9.       Consider an investment in a lean, scalable care team that can expand the physician staff’s capabilities to effect population health management and allow practitioners to practice at the top of their respective licenses, doing what they presumably like doing best.

Strategically deployed advanced practitioners can greatly improve patient interaction and relieve physicians of time commitments.

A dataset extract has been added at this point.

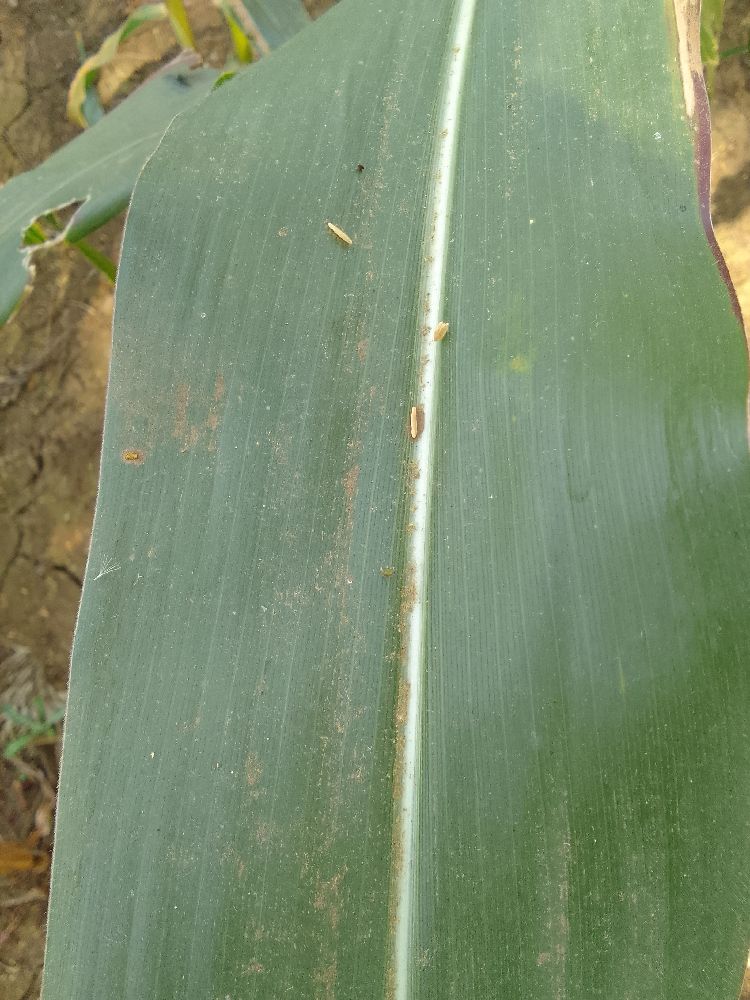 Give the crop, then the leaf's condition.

maize, healthy
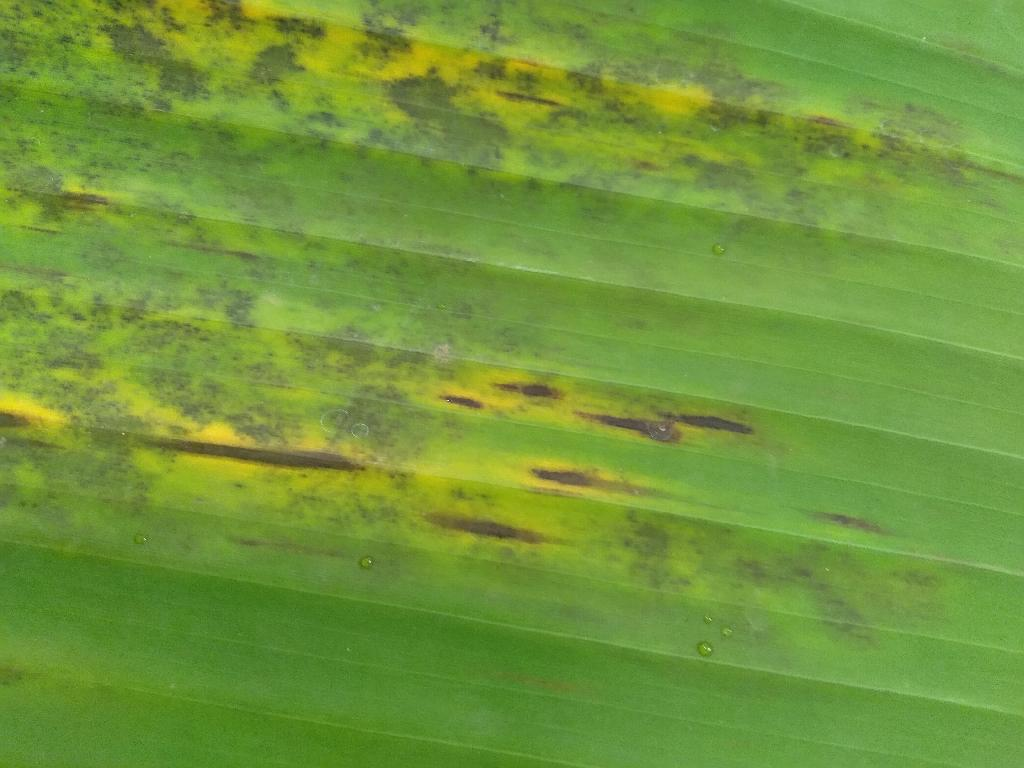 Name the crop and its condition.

banana, black sigatoka
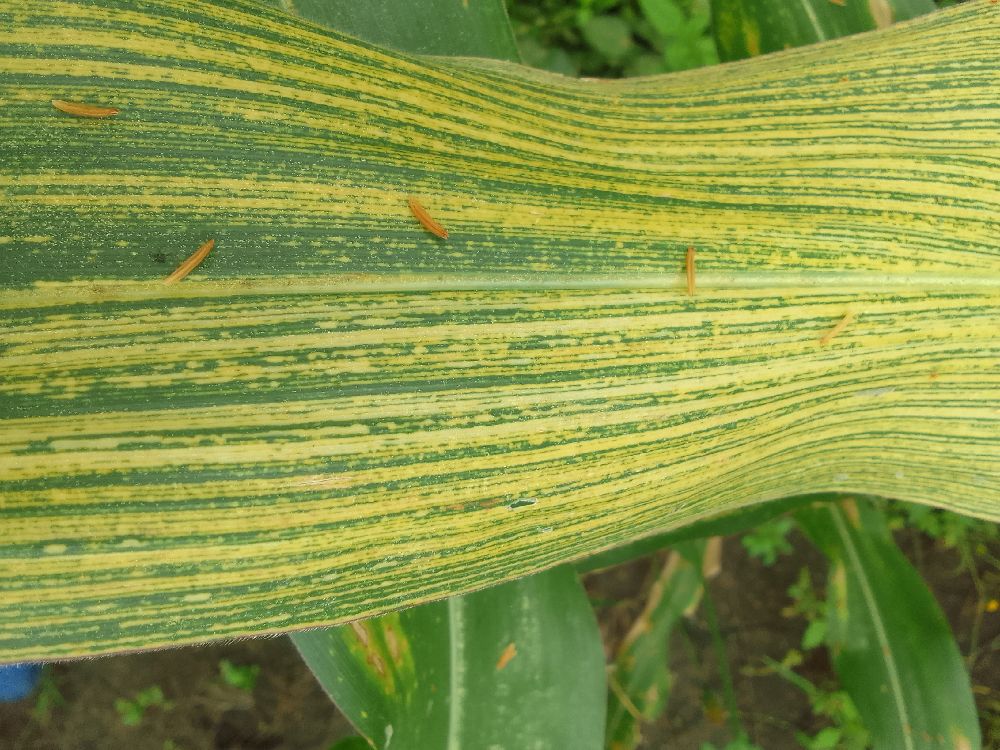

An expanded role for pharmacists can accelerate access to care, monitor medication therapy management, and prevent readmissions to the hospital.  Robust extended-care resource teams can provide the necessary patient monitoring and interaction to effect lifestyle change and assure patient compliance with care plans.  The care team can be empowered to care, communicate, and coordinate – all keys to managing care.  An integrated behavioral health function can have dramatic impact on patients’ compliance with care plans and significantly assist patients with co-morbidities.

10.   Measure and compare outcomes with baseline data to demonstrate progress and success.  The basic IT system used will need the capability to identify clinical processes, care outcomes, cost of care, and patient satisfaction scores.  A system of continual process improvement will need to be implemented wherein the outcomes measured can identify areas that are capable of improvement so that the planning team can address those gaps and continue to advance capability and improve process.

Ultimately, population health is defined by the healthcare executives, clinicians, community stakeholders, and individuals comprising the population in question.  The definition emerges from the process of harmonizing the views and talents of those seeking to positively impact the population’s health status.  Each aspect of population health identified above – clinical, organizational, and technical – must be uniquely adapted to address the multiple needs of the defined population and the complexity of environmental factors within its community.